┌──

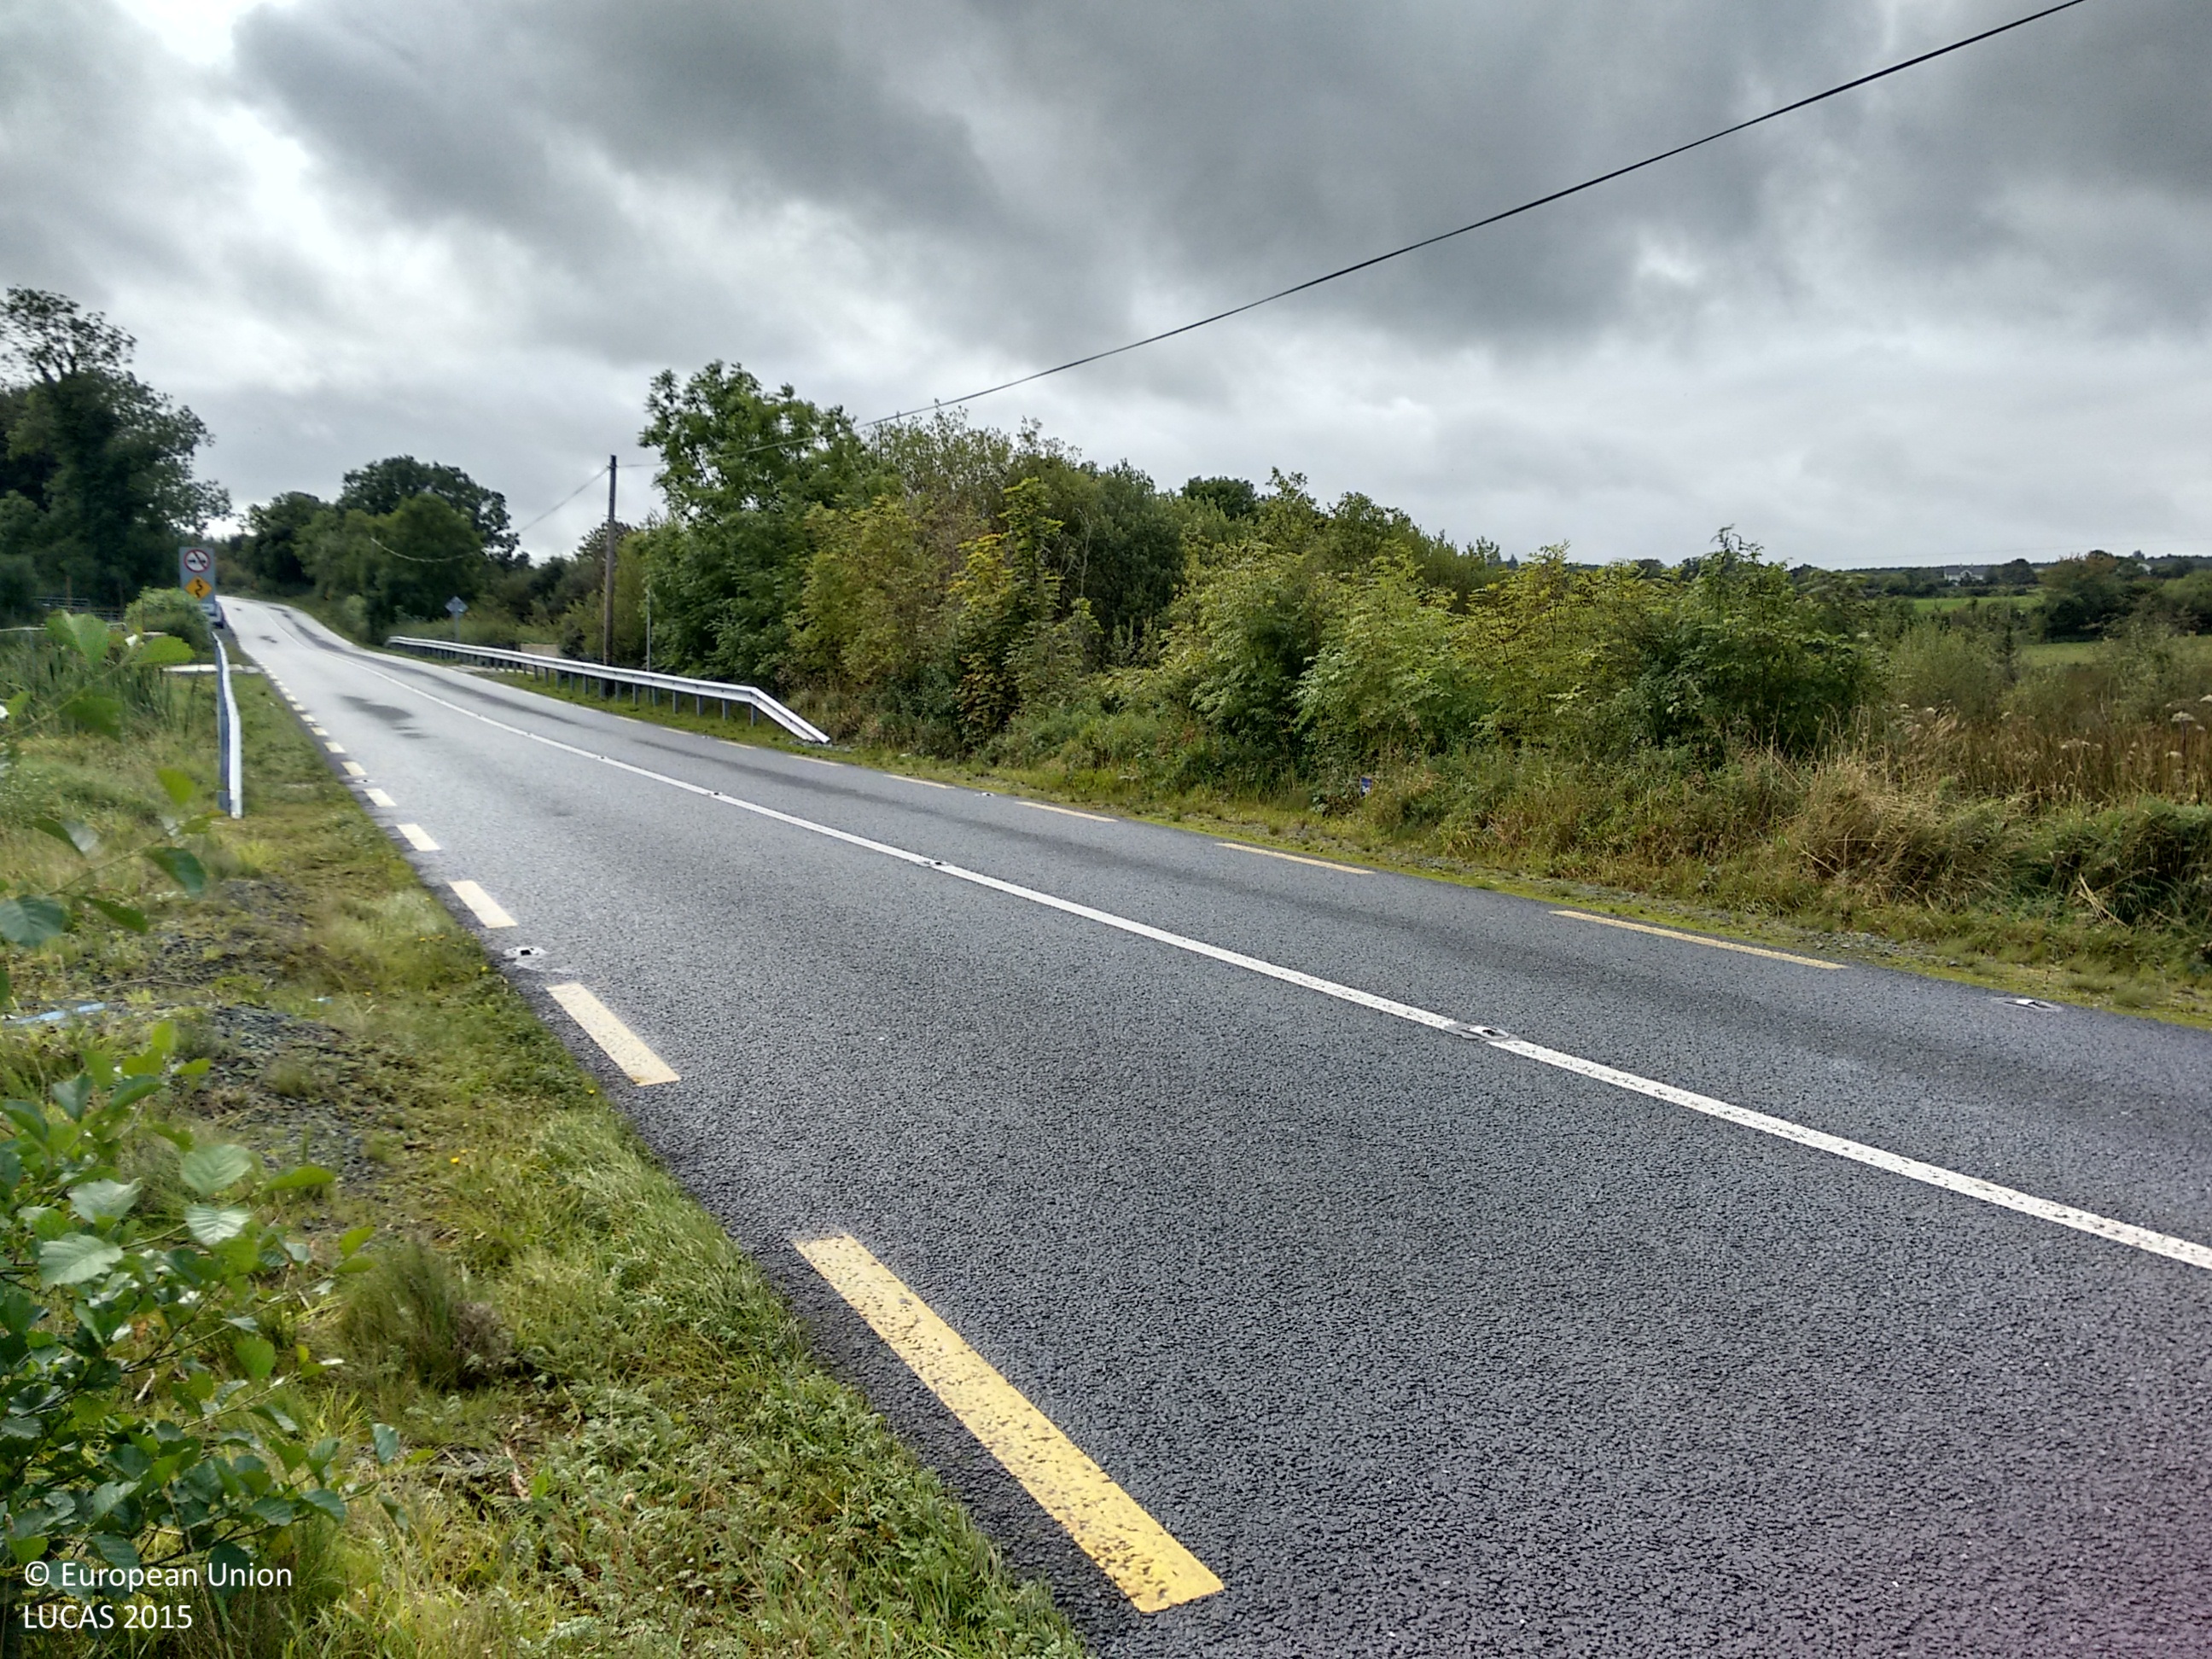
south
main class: Grassland
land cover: Grassland without tree/shrub cover
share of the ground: > 75 %
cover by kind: herbaceous plants 100 %
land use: Agriculture (excluding fallow land and kitchen gardens)
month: September
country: IE
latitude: 54.9213
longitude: -7.5852
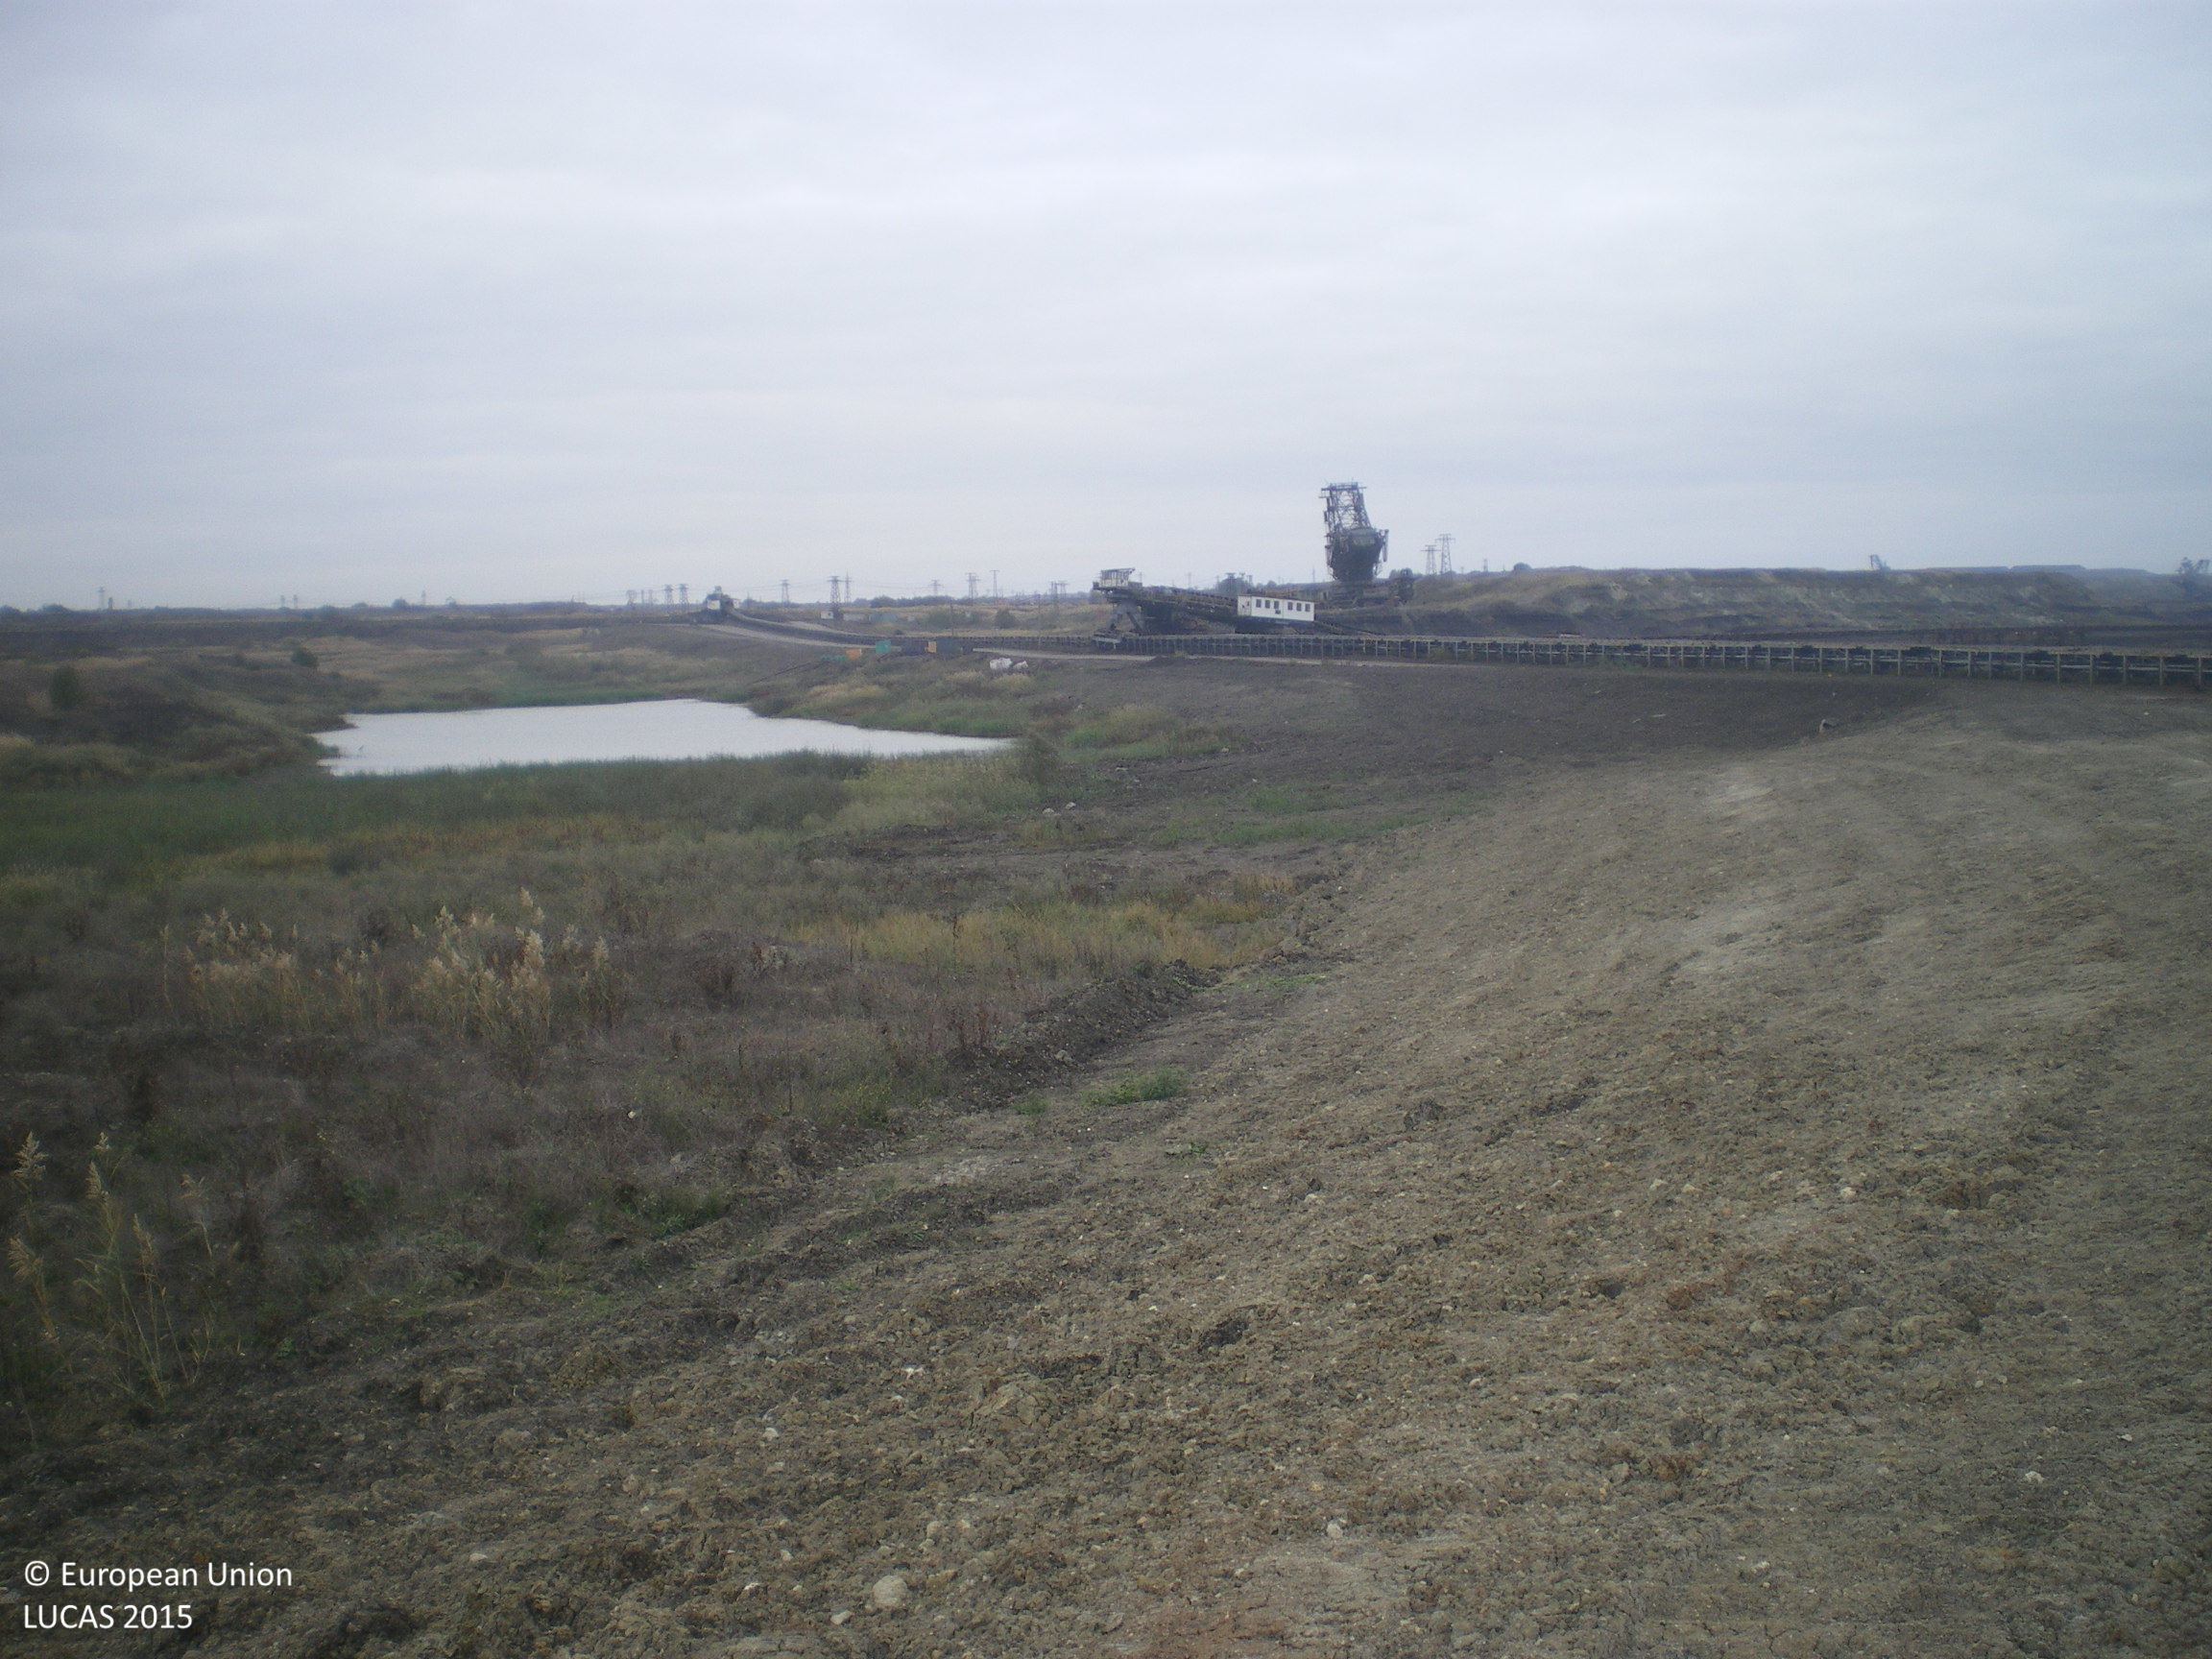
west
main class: Grassland
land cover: Grassland without tree/shrub cover
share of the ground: > 75 %
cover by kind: herbaceous plants 100 %
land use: Mining and quarrying
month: October
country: BG
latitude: 42.1989
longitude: 26.0025

└──

● **Task brief**
All of the material should be written out again exactly, apart from the pictures.

● **Task solution**
south
main class: Grassland
land cover: Grassland without tree/shrub cover
share of the ground: > 75 %
cover by kind: herbaceous plants 100 %
land use: Agriculture (excluding fallow land and kitchen gardens)
month: September
country: IE
latitude: 54.9213
longitude: -7.5852
west
main class: Grassland
land cover: Grassland without tree/shrub cover
share of the ground: > 75 %
cover by kind: herbaceous plants 100 %
land use: Mining and quarrying
month: October
country: BG
latitude: 42.1989
longitude: 26.0025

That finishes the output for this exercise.